- [REQUIREMENT] Quote verbatim the span of lines that begins the listing below and closes with the line containing "Q: x-height? A: Medium.".

--- START ---

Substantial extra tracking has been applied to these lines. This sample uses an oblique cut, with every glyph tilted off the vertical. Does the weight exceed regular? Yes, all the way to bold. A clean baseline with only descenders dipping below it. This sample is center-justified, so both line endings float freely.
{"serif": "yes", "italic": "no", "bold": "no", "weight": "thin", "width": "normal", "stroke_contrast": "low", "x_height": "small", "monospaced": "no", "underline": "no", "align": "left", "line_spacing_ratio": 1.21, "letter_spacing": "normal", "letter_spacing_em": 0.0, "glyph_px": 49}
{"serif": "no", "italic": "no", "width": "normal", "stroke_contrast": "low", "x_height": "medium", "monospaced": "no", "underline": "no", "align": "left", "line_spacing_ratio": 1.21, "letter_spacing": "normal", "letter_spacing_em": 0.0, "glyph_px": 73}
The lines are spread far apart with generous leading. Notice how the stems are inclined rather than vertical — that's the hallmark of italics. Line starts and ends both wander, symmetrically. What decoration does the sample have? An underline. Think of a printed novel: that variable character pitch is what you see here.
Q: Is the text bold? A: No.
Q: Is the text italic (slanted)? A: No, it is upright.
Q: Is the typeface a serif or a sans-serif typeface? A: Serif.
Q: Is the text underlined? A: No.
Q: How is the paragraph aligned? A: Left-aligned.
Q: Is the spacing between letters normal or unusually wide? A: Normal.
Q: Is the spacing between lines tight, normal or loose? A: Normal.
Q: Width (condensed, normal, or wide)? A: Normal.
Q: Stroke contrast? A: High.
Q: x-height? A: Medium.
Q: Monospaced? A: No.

--- END ---

- [EXERCISE SOLUTION]
Substantial extra tracking has been applied to these lines. This sample uses an oblique cut, with every glyph tilted off the vertical. Does the weight exceed regular? Yes, all the way to bold. A clean baseline with only descenders dipping below it. This sample is center-justified, so both line endings float freely.
{"serif": "yes", "italic": "no", "bold": "no", "weight": "thin", "width": "normal", "stroke_contrast": "low", "x_height": "small", "monospaced": "no", "underline": "no", "align": "left", "line_spacing_ratio": 1.21, "letter_spacing": "normal", "letter_spacing_em": 0.0, "glyph_px": 49}
{"serif": "no", "italic": "no", "width": "normal", "stroke_contrast": "low", "x_height": "medium", "monospaced": "no", "underline": "no", "align": "left", "line_spacing_ratio": 1.21, "letter_spacing": "normal", "letter_spacing_em": 0.0, "glyph_px": 73}
The lines are spread far apart with generous leading. Notice how the stems are inclined rather than vertical — that's the hallmark of italics. Line starts and ends both wander, symmetrically. What decoration does the sample have? An underline. Think of a printed novel: that variable character pitch is what you see here.
Q: Is the text bold? A: No.
Q: Is the text italic (slanted)? A: No, it is upright.
Q: Is the typeface a serif or a sans-serif typeface? A: Serif.
Q: Is the text underlined? A: No.
Q: How is the paragraph aligned? A: Left-aligned.
Q: Is the spacing between letters normal or unusually wide? A: Normal.
Q: Is the spacing between lines tight, normal or loose? A: Normal.
Q: Width (condensed, normal, or wide)? A: Normal.
Q: Stroke contrast? A: High.
Q: x-height? A: Medium.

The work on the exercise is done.